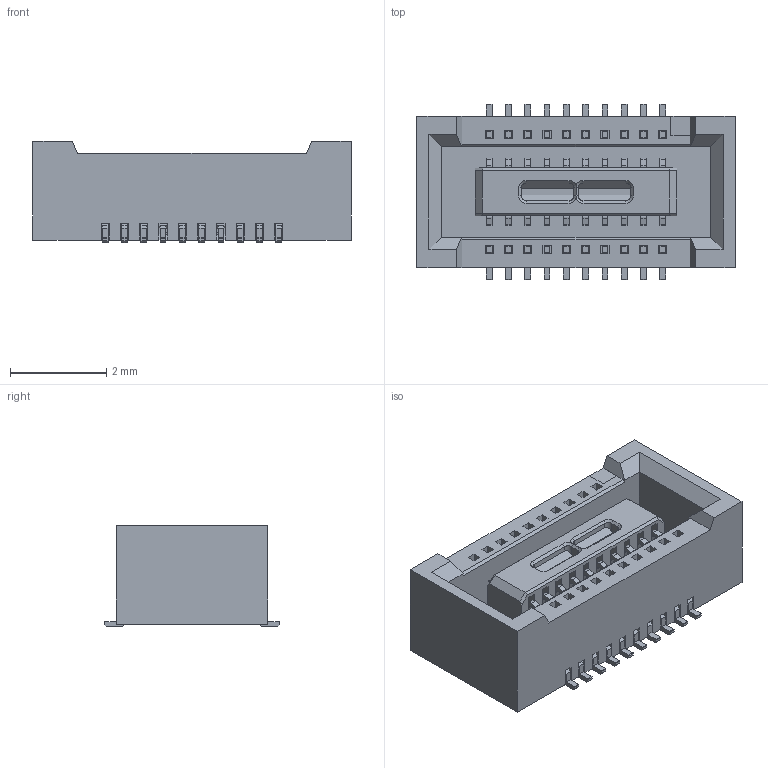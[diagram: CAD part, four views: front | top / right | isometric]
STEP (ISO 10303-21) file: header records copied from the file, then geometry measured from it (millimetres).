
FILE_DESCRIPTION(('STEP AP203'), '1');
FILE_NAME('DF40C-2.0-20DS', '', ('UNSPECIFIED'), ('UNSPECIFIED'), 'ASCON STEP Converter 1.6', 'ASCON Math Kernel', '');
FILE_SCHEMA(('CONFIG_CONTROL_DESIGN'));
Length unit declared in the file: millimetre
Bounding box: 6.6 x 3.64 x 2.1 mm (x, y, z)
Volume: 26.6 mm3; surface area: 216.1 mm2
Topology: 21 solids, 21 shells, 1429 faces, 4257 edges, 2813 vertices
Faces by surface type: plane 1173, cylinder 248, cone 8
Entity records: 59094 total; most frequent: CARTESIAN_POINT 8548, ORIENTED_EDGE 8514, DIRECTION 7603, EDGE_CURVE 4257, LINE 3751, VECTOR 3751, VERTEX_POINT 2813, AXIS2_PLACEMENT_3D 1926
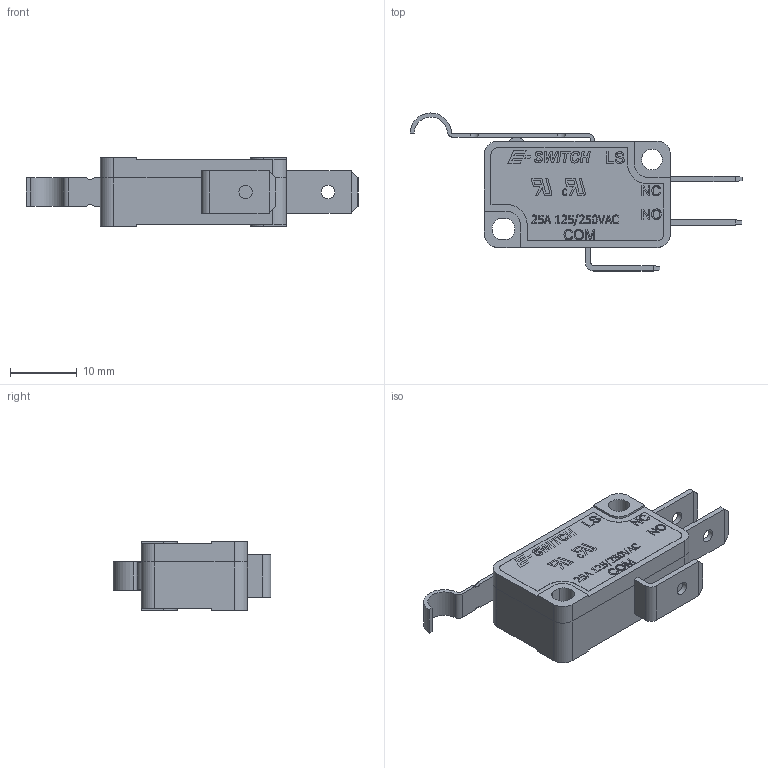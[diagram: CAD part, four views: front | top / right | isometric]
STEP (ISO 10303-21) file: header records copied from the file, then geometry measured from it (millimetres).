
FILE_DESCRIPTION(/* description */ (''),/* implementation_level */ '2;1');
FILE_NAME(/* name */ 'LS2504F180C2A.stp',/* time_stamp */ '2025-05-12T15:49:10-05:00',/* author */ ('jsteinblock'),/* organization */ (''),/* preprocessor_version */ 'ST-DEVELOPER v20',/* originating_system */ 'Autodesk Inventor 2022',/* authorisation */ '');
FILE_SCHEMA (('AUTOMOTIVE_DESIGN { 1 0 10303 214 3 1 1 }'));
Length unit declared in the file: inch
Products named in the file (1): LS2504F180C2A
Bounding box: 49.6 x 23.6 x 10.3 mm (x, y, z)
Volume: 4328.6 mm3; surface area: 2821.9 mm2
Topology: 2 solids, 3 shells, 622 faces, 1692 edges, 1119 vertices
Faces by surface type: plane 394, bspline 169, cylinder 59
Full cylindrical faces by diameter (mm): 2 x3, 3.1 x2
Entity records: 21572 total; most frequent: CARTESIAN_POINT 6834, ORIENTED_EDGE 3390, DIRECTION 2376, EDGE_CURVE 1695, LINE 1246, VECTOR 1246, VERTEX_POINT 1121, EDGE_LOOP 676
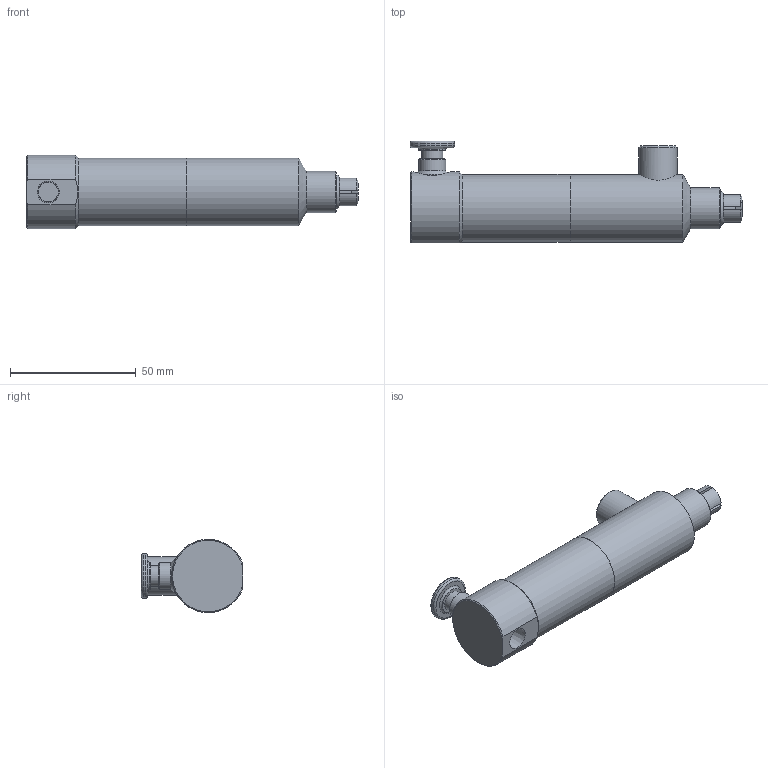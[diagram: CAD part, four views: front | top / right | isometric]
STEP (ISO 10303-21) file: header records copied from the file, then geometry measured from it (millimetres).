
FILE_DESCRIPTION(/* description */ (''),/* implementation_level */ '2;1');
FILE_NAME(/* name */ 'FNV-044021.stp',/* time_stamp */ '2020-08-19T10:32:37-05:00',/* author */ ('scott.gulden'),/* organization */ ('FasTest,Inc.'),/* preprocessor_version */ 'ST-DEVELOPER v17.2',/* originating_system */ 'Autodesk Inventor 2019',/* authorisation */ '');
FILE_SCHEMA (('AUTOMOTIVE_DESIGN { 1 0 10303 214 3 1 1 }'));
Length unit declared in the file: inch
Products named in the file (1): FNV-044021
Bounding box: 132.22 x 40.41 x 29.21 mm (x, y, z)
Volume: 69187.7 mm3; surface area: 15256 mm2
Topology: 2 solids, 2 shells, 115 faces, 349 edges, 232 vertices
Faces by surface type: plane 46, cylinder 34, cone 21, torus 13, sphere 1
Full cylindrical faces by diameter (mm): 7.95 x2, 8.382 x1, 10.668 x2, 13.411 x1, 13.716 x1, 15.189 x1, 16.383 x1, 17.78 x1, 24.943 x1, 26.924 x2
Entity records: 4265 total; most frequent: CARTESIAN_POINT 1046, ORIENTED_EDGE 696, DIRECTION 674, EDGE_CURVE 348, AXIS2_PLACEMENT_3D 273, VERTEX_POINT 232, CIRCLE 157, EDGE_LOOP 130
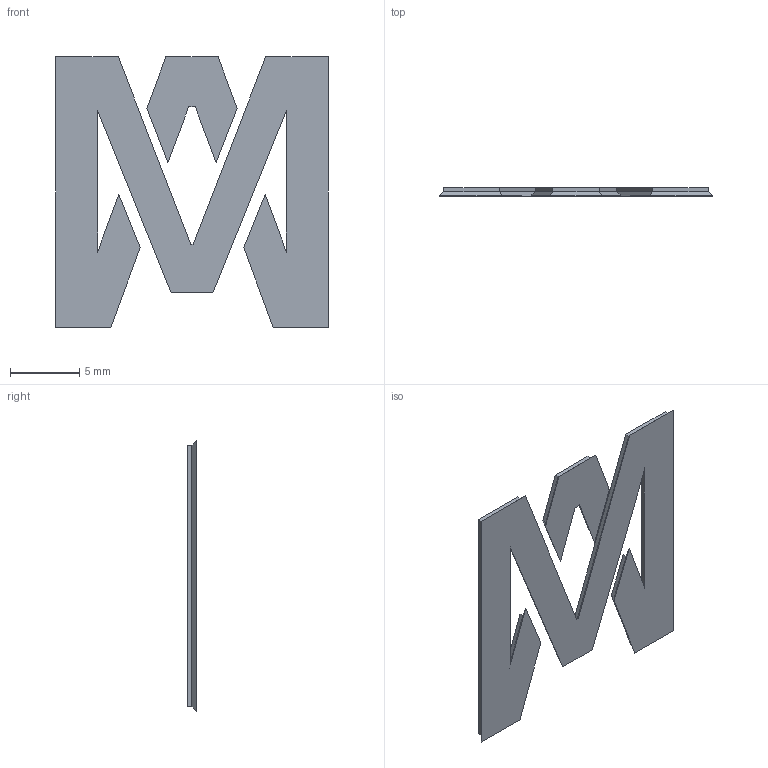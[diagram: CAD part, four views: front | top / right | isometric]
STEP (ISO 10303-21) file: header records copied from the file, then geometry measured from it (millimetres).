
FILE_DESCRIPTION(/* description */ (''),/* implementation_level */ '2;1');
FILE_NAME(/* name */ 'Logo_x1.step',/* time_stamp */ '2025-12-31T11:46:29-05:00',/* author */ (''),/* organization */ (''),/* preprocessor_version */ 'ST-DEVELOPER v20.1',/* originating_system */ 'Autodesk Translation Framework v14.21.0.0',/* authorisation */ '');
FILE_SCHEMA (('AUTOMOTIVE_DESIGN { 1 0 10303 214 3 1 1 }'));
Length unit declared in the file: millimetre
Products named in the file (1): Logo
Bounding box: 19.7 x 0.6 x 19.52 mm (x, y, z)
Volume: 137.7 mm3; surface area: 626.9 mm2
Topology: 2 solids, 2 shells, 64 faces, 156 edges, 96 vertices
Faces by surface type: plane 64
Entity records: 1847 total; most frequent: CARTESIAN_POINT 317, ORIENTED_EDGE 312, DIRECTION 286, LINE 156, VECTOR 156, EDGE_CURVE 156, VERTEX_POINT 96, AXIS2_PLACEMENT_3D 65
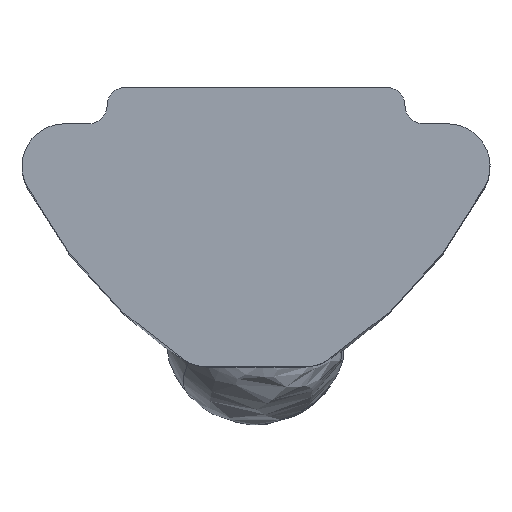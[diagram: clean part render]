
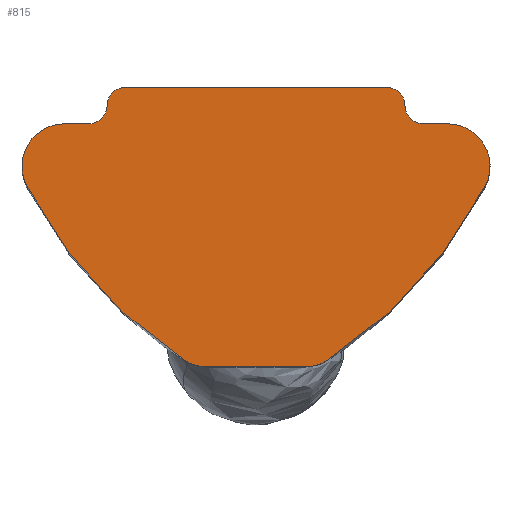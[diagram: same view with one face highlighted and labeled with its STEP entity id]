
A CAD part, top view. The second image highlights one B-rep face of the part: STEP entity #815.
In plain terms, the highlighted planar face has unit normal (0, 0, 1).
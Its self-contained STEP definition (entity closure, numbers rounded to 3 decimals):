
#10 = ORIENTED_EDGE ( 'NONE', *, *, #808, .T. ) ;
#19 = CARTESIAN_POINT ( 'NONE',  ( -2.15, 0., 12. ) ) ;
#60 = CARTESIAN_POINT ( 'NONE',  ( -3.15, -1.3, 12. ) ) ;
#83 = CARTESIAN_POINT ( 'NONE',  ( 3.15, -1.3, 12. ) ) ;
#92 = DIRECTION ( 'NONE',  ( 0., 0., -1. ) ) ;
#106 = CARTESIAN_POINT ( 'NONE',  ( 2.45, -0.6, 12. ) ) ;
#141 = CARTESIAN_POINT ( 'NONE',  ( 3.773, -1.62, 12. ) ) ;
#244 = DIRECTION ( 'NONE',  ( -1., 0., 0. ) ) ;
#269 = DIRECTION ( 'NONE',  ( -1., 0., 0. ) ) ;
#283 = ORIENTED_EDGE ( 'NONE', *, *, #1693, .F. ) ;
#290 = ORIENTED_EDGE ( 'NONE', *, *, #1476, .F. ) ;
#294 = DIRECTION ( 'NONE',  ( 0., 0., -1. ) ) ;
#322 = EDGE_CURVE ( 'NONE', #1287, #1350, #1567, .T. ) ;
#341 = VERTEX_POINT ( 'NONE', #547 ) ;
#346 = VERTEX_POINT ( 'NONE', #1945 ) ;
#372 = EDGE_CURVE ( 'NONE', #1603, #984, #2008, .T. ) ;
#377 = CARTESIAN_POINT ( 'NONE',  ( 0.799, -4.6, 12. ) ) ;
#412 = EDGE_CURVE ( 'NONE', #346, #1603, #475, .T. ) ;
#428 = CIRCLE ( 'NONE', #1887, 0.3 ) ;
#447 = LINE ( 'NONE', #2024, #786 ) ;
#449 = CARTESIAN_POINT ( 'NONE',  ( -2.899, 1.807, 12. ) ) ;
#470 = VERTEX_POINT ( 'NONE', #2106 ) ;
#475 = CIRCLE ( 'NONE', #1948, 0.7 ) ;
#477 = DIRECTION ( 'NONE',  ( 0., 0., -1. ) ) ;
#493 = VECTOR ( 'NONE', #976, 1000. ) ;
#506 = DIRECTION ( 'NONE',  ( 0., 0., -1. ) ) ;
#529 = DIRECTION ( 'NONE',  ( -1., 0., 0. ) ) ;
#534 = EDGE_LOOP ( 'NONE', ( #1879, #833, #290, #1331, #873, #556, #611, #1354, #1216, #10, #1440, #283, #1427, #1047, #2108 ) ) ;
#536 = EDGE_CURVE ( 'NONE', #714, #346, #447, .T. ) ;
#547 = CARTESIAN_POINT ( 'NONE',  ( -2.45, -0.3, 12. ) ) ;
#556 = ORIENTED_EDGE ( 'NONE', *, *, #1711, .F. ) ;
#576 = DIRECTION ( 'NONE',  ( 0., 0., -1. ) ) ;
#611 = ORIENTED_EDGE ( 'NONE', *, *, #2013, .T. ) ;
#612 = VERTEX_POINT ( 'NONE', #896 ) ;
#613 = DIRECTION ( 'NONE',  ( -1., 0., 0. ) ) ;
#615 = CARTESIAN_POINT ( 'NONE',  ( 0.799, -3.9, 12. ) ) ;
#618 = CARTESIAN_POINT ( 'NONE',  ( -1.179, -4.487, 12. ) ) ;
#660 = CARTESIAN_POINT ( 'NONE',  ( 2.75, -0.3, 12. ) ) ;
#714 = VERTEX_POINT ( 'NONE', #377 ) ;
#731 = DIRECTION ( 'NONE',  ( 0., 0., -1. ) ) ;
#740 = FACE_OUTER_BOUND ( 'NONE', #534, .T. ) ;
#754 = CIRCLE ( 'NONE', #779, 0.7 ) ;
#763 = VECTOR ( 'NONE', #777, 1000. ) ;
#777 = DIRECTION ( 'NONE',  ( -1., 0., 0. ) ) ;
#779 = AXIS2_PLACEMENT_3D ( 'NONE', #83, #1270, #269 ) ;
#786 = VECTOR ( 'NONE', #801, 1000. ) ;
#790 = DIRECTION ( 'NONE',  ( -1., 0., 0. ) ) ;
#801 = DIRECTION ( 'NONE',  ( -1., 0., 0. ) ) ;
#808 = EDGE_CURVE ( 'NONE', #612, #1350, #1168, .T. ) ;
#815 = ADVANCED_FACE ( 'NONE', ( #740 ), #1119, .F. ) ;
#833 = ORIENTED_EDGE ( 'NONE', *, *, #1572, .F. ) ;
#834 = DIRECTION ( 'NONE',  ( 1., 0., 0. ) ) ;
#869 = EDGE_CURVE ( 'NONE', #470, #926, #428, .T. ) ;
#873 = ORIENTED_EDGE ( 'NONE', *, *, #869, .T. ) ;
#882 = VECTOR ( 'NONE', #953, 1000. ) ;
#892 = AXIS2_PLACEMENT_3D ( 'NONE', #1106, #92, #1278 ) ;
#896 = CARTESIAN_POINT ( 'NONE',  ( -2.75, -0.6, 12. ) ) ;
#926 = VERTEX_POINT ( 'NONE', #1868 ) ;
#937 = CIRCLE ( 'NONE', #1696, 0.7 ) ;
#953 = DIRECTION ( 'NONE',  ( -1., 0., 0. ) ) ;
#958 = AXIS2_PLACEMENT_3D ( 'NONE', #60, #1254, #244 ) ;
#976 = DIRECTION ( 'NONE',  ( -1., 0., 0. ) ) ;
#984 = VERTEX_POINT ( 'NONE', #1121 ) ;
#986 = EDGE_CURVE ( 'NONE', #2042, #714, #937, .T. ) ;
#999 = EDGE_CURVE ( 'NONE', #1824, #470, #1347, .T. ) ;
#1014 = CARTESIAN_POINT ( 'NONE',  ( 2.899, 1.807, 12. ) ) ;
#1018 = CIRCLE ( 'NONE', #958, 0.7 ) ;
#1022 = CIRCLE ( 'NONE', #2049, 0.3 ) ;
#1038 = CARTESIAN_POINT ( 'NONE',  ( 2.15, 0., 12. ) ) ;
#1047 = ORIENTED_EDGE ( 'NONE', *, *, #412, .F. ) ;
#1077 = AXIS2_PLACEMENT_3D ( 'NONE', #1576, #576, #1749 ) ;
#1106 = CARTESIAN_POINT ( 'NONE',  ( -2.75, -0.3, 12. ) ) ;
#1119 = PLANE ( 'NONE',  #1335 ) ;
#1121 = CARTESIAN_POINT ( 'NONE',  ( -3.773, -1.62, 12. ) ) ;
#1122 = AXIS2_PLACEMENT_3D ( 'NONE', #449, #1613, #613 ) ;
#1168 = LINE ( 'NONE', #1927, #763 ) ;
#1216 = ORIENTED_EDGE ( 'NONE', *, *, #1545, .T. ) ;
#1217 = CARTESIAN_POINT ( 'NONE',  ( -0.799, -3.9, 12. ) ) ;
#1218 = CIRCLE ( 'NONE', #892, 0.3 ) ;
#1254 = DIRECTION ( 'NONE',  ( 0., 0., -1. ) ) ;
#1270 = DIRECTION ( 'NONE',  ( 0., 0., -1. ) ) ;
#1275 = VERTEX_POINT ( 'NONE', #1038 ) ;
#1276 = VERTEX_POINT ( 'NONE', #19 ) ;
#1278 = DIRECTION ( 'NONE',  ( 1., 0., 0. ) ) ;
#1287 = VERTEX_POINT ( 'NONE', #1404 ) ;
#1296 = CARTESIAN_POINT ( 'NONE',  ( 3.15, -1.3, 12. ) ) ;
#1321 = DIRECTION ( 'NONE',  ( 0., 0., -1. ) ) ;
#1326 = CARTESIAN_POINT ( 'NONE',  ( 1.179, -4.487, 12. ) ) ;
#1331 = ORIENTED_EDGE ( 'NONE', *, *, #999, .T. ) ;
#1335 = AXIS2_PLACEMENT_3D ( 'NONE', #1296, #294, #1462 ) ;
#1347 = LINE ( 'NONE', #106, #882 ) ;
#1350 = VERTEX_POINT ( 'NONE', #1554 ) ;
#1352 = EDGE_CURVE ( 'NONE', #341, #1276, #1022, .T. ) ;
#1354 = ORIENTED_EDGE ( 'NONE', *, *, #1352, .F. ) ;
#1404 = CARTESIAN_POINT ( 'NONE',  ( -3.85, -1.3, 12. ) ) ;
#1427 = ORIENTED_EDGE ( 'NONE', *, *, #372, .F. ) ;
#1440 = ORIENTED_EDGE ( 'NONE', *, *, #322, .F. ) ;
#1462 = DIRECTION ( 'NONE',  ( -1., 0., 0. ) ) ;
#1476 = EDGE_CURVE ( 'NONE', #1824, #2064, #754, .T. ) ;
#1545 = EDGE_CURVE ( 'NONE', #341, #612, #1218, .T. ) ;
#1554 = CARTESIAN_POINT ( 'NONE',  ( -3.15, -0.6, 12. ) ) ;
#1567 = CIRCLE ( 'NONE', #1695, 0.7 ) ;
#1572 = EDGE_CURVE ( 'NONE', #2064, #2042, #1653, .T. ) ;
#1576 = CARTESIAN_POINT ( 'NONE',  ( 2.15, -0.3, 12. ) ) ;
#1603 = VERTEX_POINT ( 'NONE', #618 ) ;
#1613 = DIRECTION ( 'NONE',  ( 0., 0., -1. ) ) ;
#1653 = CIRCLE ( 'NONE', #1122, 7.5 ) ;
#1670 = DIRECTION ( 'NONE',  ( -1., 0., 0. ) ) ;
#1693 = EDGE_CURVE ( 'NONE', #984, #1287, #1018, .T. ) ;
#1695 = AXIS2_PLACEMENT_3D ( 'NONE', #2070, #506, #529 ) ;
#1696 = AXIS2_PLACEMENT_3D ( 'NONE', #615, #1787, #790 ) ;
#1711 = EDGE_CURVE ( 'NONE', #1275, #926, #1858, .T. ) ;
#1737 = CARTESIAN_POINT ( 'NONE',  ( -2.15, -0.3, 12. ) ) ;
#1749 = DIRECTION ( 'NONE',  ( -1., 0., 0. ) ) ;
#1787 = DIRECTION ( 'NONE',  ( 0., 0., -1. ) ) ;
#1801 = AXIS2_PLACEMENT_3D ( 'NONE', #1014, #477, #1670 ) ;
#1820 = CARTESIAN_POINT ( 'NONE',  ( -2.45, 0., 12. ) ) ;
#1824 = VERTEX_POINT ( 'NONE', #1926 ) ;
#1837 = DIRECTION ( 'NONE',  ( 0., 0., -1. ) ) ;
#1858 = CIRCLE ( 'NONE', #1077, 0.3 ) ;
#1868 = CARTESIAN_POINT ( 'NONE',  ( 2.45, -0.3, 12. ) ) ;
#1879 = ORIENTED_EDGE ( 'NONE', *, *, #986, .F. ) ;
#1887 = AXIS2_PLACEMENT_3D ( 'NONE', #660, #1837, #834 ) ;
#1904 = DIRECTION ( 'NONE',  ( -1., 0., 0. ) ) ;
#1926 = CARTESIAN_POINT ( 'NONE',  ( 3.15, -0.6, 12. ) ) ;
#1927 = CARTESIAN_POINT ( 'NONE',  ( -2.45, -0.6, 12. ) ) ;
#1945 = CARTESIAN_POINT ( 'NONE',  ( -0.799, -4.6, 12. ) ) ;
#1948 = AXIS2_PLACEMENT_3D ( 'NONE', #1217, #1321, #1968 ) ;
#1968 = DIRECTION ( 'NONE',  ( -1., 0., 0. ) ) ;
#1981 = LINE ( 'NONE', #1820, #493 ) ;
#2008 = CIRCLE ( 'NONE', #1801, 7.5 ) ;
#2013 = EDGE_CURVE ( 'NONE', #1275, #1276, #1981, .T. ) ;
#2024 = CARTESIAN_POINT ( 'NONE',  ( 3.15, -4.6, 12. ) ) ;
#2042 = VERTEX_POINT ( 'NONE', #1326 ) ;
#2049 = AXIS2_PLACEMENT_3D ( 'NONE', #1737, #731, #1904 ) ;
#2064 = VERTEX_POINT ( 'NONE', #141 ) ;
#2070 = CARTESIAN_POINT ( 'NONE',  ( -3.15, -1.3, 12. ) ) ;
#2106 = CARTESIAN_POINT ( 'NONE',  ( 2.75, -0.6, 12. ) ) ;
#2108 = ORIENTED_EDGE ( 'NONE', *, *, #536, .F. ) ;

━━━━━━━━

EXERCISE AIM: Using the records above, set down exactly the lines from the one with "#953 = DIRECTION" through the one with "#1278 = DIRECTION", inclusive, and nothing more.

WRITTEN ANSWER:
#953 = DIRECTION ( 'NONE',  ( -1., 0., 0. ) ) ;
#958 = AXIS2_PLACEMENT_3D ( 'NONE', #60, #1254, #244 ) ;
#976 = DIRECTION ( 'NONE',  ( -1., 0., 0. ) ) ;
#984 = VERTEX_POINT ( 'NONE', #1121 ) ;
#986 = EDGE_CURVE ( 'NONE', #2042, #714, #937, .T. ) ;
#999 = EDGE_CURVE ( 'NONE', #1824, #470, #1347, .T. ) ;
#1014 = CARTESIAN_POINT ( 'NONE',  ( 2.899, 1.807, 12. ) ) ;
#1018 = CIRCLE ( 'NONE', #958, 0.7 ) ;
#1022 = CIRCLE ( 'NONE', #2049, 0.3 ) ;
#1038 = CARTESIAN_POINT ( 'NONE',  ( 2.15, 0., 12. ) ) ;
#1047 = ORIENTED_EDGE ( 'NONE', *, *, #412, .F. ) ;
#1077 = AXIS2_PLACEMENT_3D ( 'NONE', #1576, #576, #1749 ) ;
#1106 = CARTESIAN_POINT ( 'NONE',  ( -2.75, -0.3, 12. ) ) ;
#1119 = PLANE ( 'NONE',  #1335 ) ;
#1121 = CARTESIAN_POINT ( 'NONE',  ( -3.773, -1.62, 12. ) ) ;
#1122 = AXIS2_PLACEMENT_3D ( 'NONE', #449, #1613, #613 ) ;
#1168 = LINE ( 'NONE', #1927, #763 ) ;
#1216 = ORIENTED_EDGE ( 'NONE', *, *, #1545, .T. ) ;
#1217 = CARTESIAN_POINT ( 'NONE',  ( -0.799, -3.9, 12. ) ) ;
#1218 = CIRCLE ( 'NONE', #892, 0.3 ) ;
#1254 = DIRECTION ( 'NONE',  ( 0., 0., -1. ) ) ;
#1270 = DIRECTION ( 'NONE',  ( 0., 0., -1. ) ) ;
#1275 = VERTEX_POINT ( 'NONE', #1038 ) ;
#1276 = VERTEX_POINT ( 'NONE', #19 ) ;
#1278 = DIRECTION ( 'NONE',  ( 1., 0., 0. ) ) ;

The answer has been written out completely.